I'm new with curve roasters which have good opinions overall, they offer 1 filter and 1 espresso roast subscription which suits me. Last time I received from them filter roast, fruity "victor mejia heredia"

Today I received same coffee but branded as espresso roast.

I'm not sure how should I read this, are they just giving random roast espresso or filter brand on package? Or is it same coffee but they change roast, light to dark?

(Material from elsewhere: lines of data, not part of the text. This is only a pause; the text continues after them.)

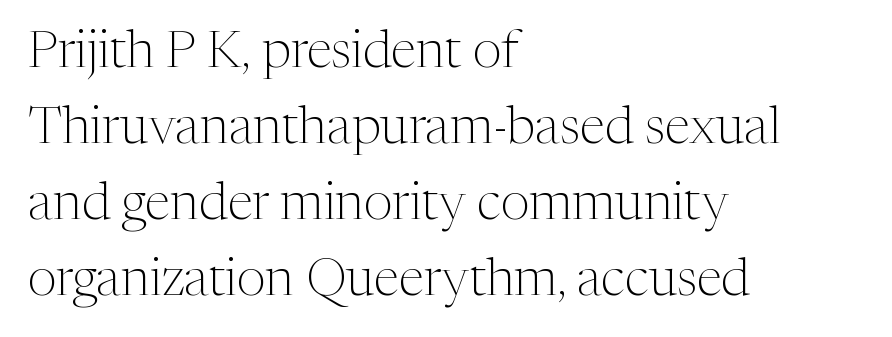
The image shows 52 px light serif type, upright; set left-aligned, normal line spacing (1.46x), normal letter spacing, not underlined; medium stroke contrast and a medium x-height.
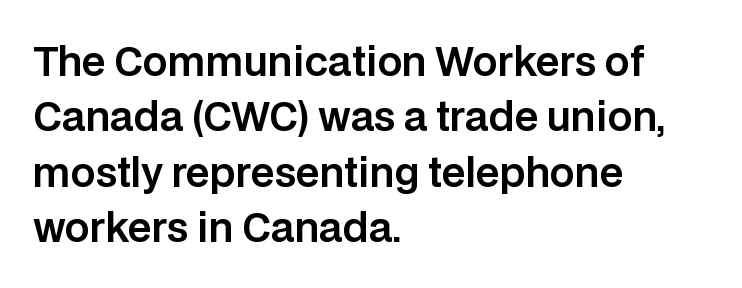
Q: Is the text italic (slanted)? A: No, it is upright.
Q: Is the typeface a serif or a sans-serif typeface? A: Sans-serif.
Q: Is the text underlined? A: No.
Q: How is the paragraph aligned? A: Left-aligned.
Q: Is the spacing between letters normal or unusually wide? A: Normal.
Q: Is the spacing between lines tight, normal or loose? A: Normal.
Q: Width (condensed, normal, or wide)? A: Normal.
Q: Stroke contrast? A: Low.
Q: x-height? A: Large.
Q: Monospaced? A: No.
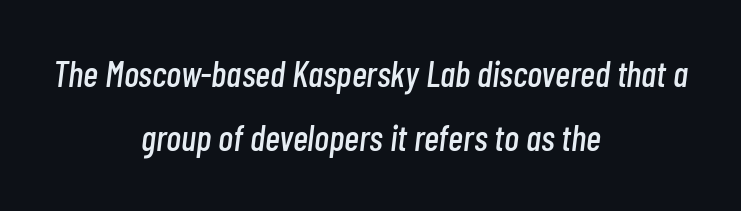
{"italic": "yes", "lean": "right", "slant_degrees": 7, "width": "condensed", "stroke_contrast": "low", "x_height": "medium", "monospaced": "no", "underline": "no", "align": "center", "line_spacing_ratio": 1.79, "letter_spacing": "normal", "letter_spacing_em": 0.0, "glyph_px": 36}
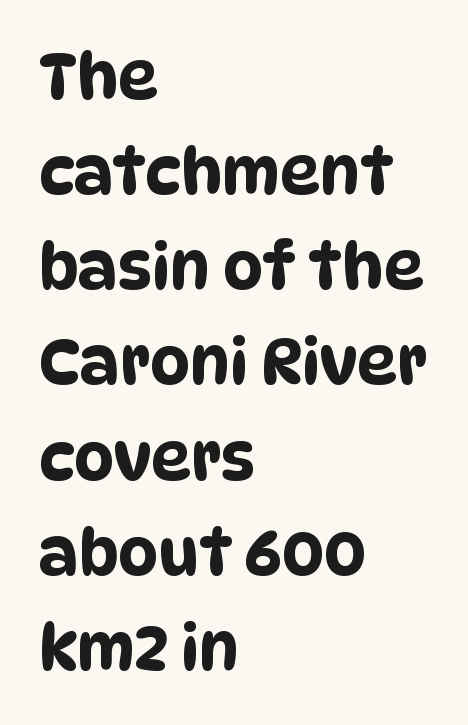
Teacher's note: observe the even left margin — that is flush-left alignment. The face used here is proportionally spaced, like ordinary book or web type. Compared with typical body copy, the letter spacing here is the same. Rows of type keep a routine distance in the vertical direction. The glyphs are unaccompanied by any horizontal stroke below them. Font category for this specimen: sans-serif.
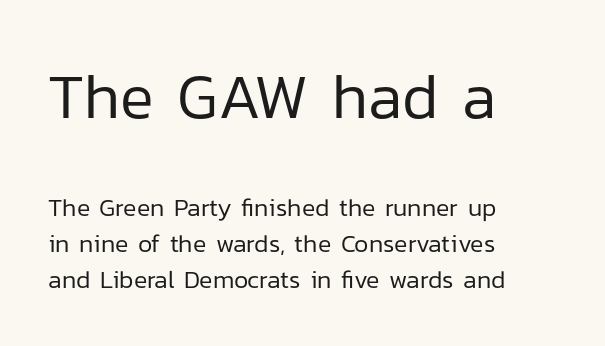
The image shows 63 px regular-weight sans-serif type, upright; set left-aligned, normal line spacing (1.43x), normal letter spacing, not underlined; the first (top) block is 2.52x larger; low stroke contrast and a medium x-height.
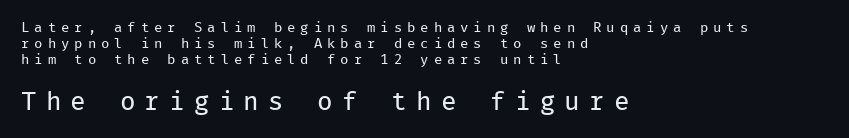
{"italic": "no", "bold": "no", "underline": "no", "align": "left", "line_spacing": "tight", "line_spacing_ratio": 1.13, "letter_spacing": "wide", "letter_spacing_em": 0.35, "larger_block": "second", "size_ratio": 1.86, "glyph_px": 26}
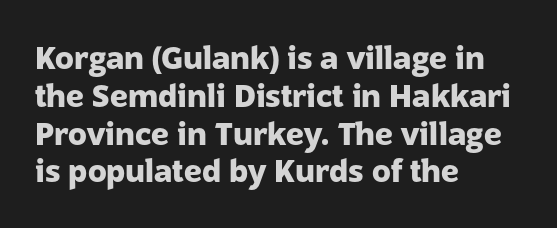
Varying glyph widths throughout — classic text-font behaviour. The passage shown is emphatically bold. The gap between lines stays unmarked. This sample is left-justified, so line endings fall wherever the words run out. No feet cap the strokes, marking this as sans-serif type.
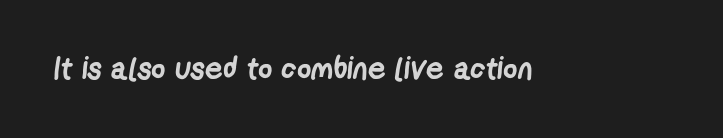
The image shows 31 px semibold, condensed sans-serif type; set normal letter spacing, not underlined; low stroke contrast and a medium x-height.
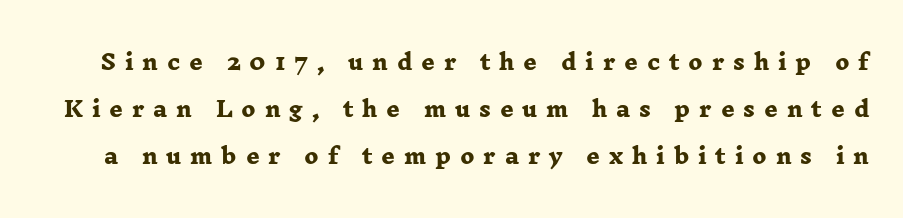
Look at the stroke-to-counter ratio: heavy, a bold. Between one letter and the next there's a generous, obvious gap. One glance says open: line gaps are wider than usual. No word sits above an underline.
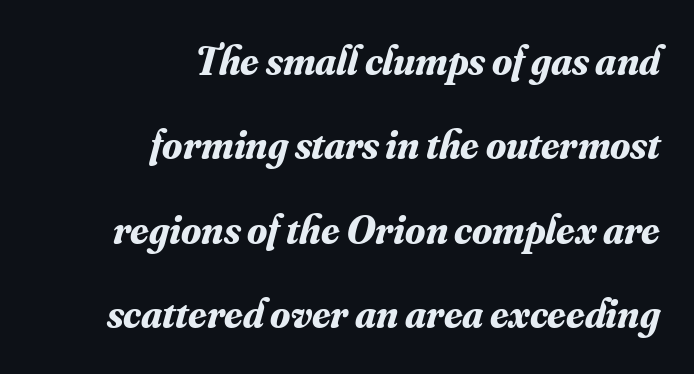
Q: Is the text bold? A: Yes.
Q: Is the text italic (slanted)? A: Yes, it leans right by about 16 degrees.
Q: Is the typeface a serif or a sans-serif typeface? A: Serif.
Q: Is the text underlined? A: No.
Q: How is the paragraph aligned? A: Right-aligned.
Q: Is the spacing between letters normal or unusually wide? A: Normal.
Q: Is the spacing between lines tight, normal or loose? A: Loose.
Q: Width (condensed, normal, or wide)? A: Normal.
Q: Stroke contrast? A: Medium.
Q: x-height? A: Small.
Q: Monospaced? A: No.
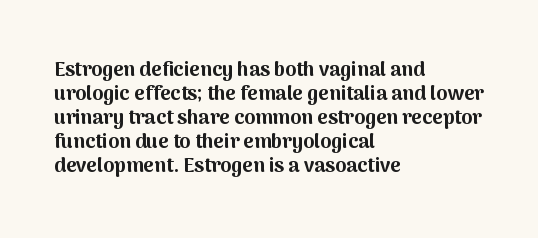
{"italic": "no", "bold": "yes", "underline": "no", "align": "left", "line_spacing_ratio": 1.2, "letter_spacing": "normal", "letter_spacing_em": 0.0, "glyph_px": 20}

Anyone please?


----------



## BlackCatCoffee (Apr 11, 2017)

Some roasters will offer their coffee in two different profiles one for filter one for espresso with espresso generally being a touch darker.

I have a mixed 2 bag subscription from Tim Wendlboe and a few times I had the same coffee in different profile.

David


----------



## Mrboots2u (May 10, 2013)

Perhaps cask the Roastery directly, looking at their website , they have that coffee as a filter and espresso roast currently , so its not random .

As above some roasters do offer filter and espresso profiles for the same coffee , when done well it is not simply a case of roasting a it darker.

As an aside there are not that many roadsters i trust to omni roast well, I predominantly drink espresso based milk drinks so , i look for a roadsters that will indicate its useable as espresso or a decent blend . It does but does my choices considerably nowadays .

Lastyl I also enjoy the stuff curve do .


----------